• _Work to be completed_
Would you count the lines below that contain the string "path" and reply with that number only?

• _Supplied records_
☆ ☆ ☆ ☆
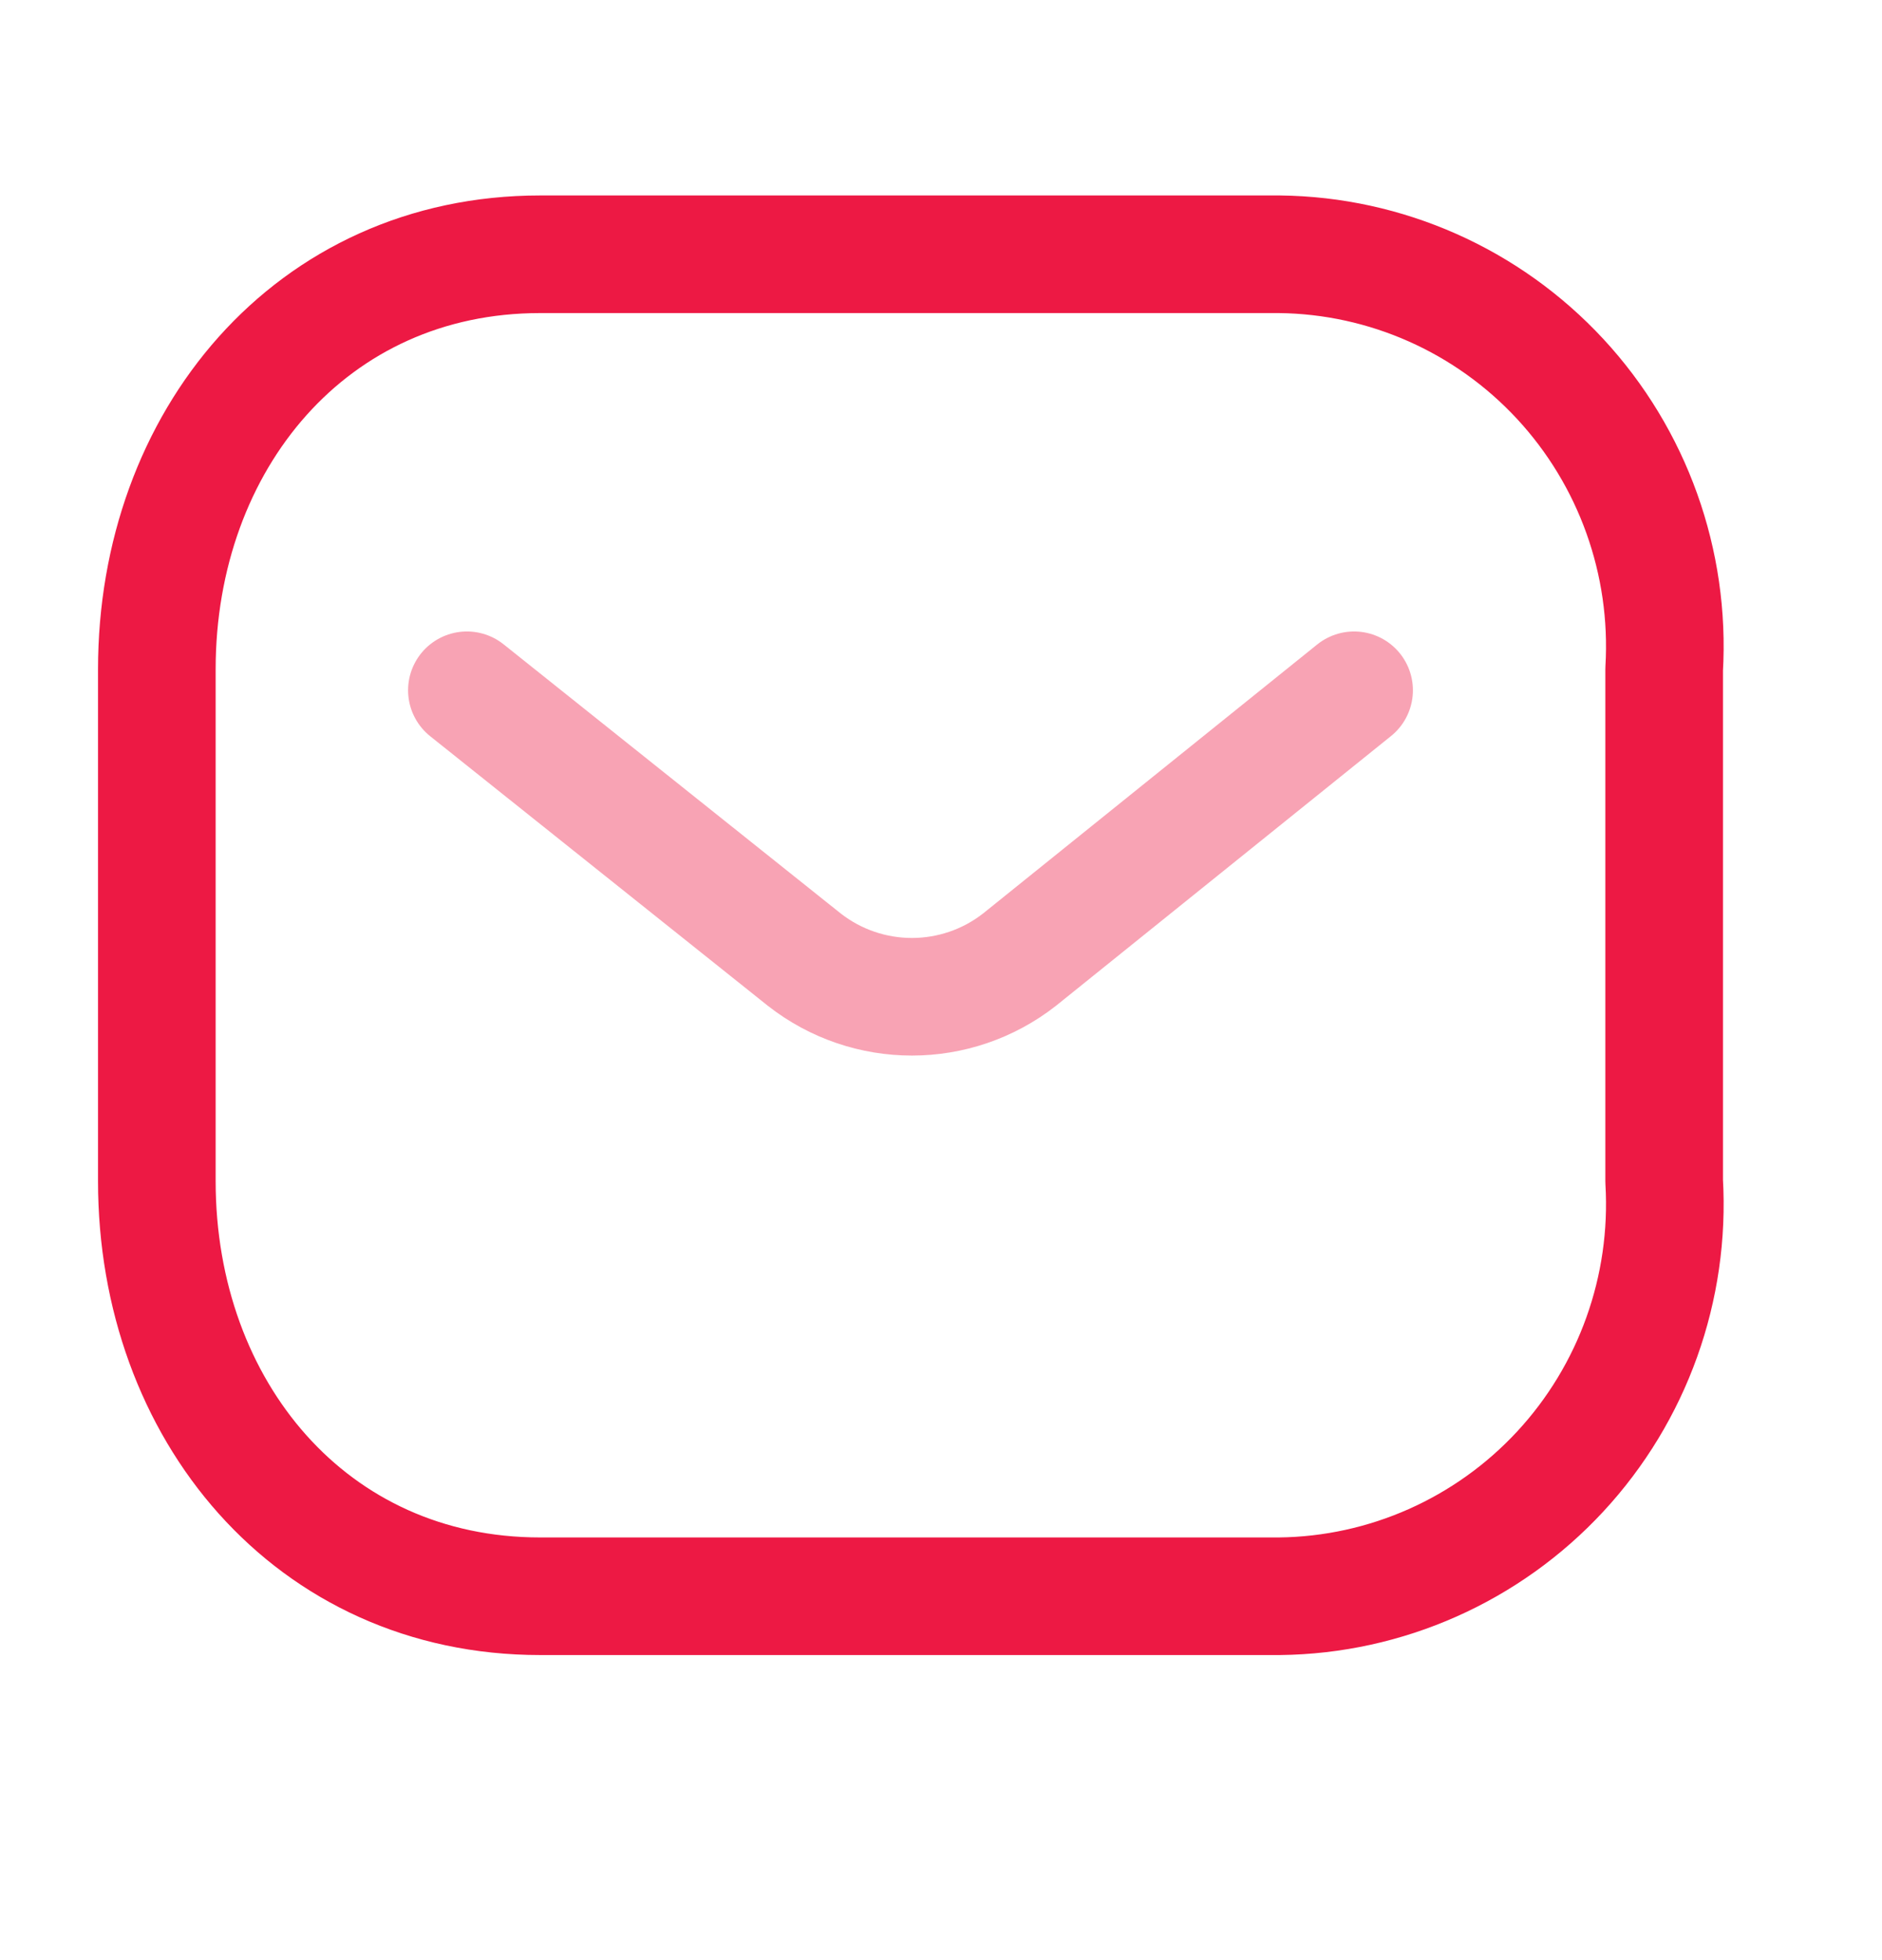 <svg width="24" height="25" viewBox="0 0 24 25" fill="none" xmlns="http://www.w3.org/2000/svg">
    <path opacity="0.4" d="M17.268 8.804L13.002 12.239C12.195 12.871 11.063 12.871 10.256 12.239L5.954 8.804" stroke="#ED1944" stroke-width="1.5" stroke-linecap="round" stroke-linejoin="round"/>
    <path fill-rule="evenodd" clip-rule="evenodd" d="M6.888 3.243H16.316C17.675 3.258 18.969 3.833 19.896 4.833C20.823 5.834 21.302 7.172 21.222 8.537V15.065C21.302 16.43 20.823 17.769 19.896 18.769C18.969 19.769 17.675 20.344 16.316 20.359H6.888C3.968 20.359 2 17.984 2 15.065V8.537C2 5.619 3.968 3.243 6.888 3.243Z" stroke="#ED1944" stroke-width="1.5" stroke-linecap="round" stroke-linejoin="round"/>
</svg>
☆ ☆ ☆ ☆
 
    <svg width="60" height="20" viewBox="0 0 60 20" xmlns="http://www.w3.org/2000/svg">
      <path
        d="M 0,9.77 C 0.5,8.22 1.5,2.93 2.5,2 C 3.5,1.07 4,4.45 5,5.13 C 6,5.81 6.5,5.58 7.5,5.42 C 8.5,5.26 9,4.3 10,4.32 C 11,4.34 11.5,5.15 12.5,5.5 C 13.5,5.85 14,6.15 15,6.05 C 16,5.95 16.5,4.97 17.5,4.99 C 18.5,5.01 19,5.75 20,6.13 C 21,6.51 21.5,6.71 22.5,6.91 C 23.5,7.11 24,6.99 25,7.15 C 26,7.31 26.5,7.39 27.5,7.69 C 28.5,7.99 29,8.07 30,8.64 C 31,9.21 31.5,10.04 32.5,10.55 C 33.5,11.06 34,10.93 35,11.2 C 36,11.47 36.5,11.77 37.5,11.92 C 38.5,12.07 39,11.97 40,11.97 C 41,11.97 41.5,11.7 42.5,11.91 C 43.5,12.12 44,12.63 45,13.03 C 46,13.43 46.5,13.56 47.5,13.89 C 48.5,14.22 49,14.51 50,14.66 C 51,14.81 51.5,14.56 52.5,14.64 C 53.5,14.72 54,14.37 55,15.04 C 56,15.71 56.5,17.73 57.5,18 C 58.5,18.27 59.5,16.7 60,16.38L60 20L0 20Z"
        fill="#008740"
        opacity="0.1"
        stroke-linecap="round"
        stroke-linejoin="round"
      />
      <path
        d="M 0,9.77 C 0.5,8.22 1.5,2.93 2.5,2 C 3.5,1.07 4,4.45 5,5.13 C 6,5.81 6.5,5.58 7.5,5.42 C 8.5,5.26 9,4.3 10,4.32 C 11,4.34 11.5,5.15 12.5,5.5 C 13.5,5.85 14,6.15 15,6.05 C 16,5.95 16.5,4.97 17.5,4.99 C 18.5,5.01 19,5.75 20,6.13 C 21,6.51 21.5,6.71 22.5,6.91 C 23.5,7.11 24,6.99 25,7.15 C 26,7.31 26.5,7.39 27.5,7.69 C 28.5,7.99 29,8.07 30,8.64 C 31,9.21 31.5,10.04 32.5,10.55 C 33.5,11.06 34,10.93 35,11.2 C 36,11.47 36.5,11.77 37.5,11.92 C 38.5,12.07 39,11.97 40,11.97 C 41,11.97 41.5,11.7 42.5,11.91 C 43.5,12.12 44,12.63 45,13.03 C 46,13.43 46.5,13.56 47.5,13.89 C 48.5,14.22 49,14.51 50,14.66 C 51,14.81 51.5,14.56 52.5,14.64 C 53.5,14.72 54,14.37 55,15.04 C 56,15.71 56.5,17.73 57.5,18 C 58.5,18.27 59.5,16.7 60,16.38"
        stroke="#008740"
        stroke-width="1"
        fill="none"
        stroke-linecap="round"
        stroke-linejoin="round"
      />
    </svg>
☆ ☆ ☆ ☆
• _Written response_
4